It’s interesting that the moment we’re committed to a new frame of mind, one that sets new boundaries, which triggers new corresponding actions, we want to declare it. We feel healthy and certain of our new behavior approach and believe we should give everyone a heads up of what to expect. Because undoubtedly, they’ll notice the difference.
It could be we want to prepare them for the change saying, “This is the new me”. “This is the new way I’m going to handle this”. It’s possible we worry about their reaction because it will break the old interactive pattern. You know the one. We say this…they say that…we respond with this…they respond with that. It’s a conversational dance we’ve done hundreds of times if not more. We don’t know what to expect when we change the dance. Will they be receptive? Will they resist?
We can’t deny our growth just to spare another’s discomfort. Ultimately, they’ll figure out how to handle it.”
As much as we feel compelled to give them a heads up, we don’t need to warn them that change is coming their way. If anything, it can trigger an unnecessary confrontation about our impending change. Change in behavior insights fear in people because change is unfamiliar, uncomfortable, and uncertain. People typically prefer what’s predictable. What’s automatic and easier. This way they don’t have to take time to process the new information that requires a new response, or the courage to self-reflect followed by the energy and thoughtfulness it takes to assess old, unhealthy attitudes or beliefs and the commitment it takes to create a new approach.
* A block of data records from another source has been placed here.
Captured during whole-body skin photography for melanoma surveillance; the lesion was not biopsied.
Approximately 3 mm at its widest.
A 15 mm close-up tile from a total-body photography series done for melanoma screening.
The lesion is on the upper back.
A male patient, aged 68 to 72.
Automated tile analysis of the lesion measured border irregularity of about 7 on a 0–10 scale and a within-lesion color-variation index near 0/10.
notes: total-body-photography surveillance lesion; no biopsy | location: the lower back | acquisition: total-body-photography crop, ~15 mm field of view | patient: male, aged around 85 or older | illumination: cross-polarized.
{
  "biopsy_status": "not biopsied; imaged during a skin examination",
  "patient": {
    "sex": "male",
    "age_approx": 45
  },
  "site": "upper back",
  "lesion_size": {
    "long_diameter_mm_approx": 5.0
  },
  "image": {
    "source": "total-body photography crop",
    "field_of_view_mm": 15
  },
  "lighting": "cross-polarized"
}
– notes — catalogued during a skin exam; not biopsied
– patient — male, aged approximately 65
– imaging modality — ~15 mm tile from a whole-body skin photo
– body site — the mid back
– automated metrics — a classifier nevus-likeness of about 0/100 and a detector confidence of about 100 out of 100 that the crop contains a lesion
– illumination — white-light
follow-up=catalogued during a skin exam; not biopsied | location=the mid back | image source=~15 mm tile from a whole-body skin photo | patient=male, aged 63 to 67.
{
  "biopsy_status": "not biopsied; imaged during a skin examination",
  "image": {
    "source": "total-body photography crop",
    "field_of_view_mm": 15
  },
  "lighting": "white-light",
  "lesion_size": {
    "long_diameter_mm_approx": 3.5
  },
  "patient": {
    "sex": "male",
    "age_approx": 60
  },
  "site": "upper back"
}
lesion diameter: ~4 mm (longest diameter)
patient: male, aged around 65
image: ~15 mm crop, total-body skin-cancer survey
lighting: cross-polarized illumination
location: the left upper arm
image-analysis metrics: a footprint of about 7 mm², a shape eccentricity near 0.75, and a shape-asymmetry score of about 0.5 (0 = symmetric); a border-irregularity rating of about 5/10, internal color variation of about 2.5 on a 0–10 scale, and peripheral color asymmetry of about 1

No, we don’t have to say a word. This is our new attitude and our new direction. It doesn’t need to be telegraphed because we’re not responsible for their reaction and it’s beyond our ability to control anyway. It doesn’t seem possible, but our change will indeed create change without trying to control others.
The world will never stop changing. Sometimes it changes us and sometimes we change it. Nevertheless, change is inevitable and unavoidable.”
The best we can do is go into any encounter having no expectations for someone to be on the same page as us but the dedication that, regardless of the end results, we’ve behaved with kindness and respect for not only our opposer, but ourselves. Change is a personal journey and when we consistently behave in a way that’s congruent with our belief system, we increase the possibility to create a new, healthier reality and feel the peace that comes with it. Does this sound good?